# Task input
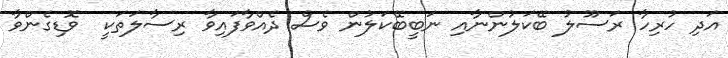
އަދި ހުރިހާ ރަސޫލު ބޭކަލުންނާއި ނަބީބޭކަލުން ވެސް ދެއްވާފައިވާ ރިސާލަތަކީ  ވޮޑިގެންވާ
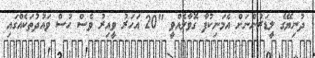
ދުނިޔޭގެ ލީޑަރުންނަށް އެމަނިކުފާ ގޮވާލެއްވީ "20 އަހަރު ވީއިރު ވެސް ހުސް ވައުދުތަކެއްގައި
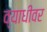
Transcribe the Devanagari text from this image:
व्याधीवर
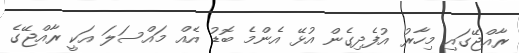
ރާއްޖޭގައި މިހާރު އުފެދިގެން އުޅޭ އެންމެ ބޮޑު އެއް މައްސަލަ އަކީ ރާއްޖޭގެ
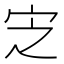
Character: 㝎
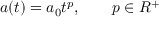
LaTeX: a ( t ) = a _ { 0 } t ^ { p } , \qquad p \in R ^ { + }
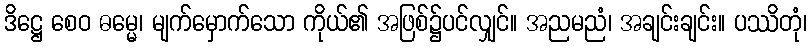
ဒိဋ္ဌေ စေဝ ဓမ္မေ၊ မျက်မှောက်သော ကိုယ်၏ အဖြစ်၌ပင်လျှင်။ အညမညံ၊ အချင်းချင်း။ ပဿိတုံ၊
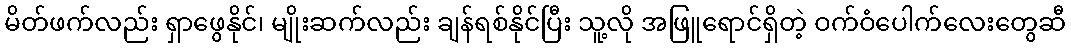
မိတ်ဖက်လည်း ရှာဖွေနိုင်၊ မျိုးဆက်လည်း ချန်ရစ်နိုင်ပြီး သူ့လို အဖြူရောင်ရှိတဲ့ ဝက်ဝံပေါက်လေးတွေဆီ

# What is required
Reproduce each entry exactly as given; no pictures, please.

# Solution
އަދި ހުރިހާ ރަސޫލު ބޭކަލުންނާއި ނަބީބޭކަލުން ވެސް ދެއްވާފައިވާ ރިސާލަތަކީ  ވޮޑިގެންވާ
ދުނިޔޭގެ ލީޑަރުންނަށް އެމަނިކުފާ ގޮވާލެއްވީ "20 އަހަރު ވީއިރު ވެސް ހުސް ވައުދުތަކެއްގައި
Transcribe the Devanagari text from this image:
व्याधीवर
ރާއްޖޭގައި މިހާރު އުފެދިގެން އުޅޭ އެންމެ ބޮޑު އެއް މައްސަލަ އަކީ ރާއްޖޭގެ
Character: 㝎
LaTeX: a ( t ) = a _ { 0 } t ^ { p } , \qquad p \in R ^ { + }
ဒိဋ္ဌေ စေဝ ဓမ္မေ၊ မျက်မှောက်သော ကိုယ်၏ အဖြစ်၌ပင်လျှင်။ အညမညံ၊ အချင်းချင်း။ ပဿိတုံ၊
မိတ်ဖက်လည်း ရှာဖွေနိုင်၊ မျိုးဆက်လည်း ချန်ရစ်နိုင်ပြီး သူ့လို အဖြူရောင်ရှိတဲ့ ဝက်ဝံပေါက်လေးတွေဆီ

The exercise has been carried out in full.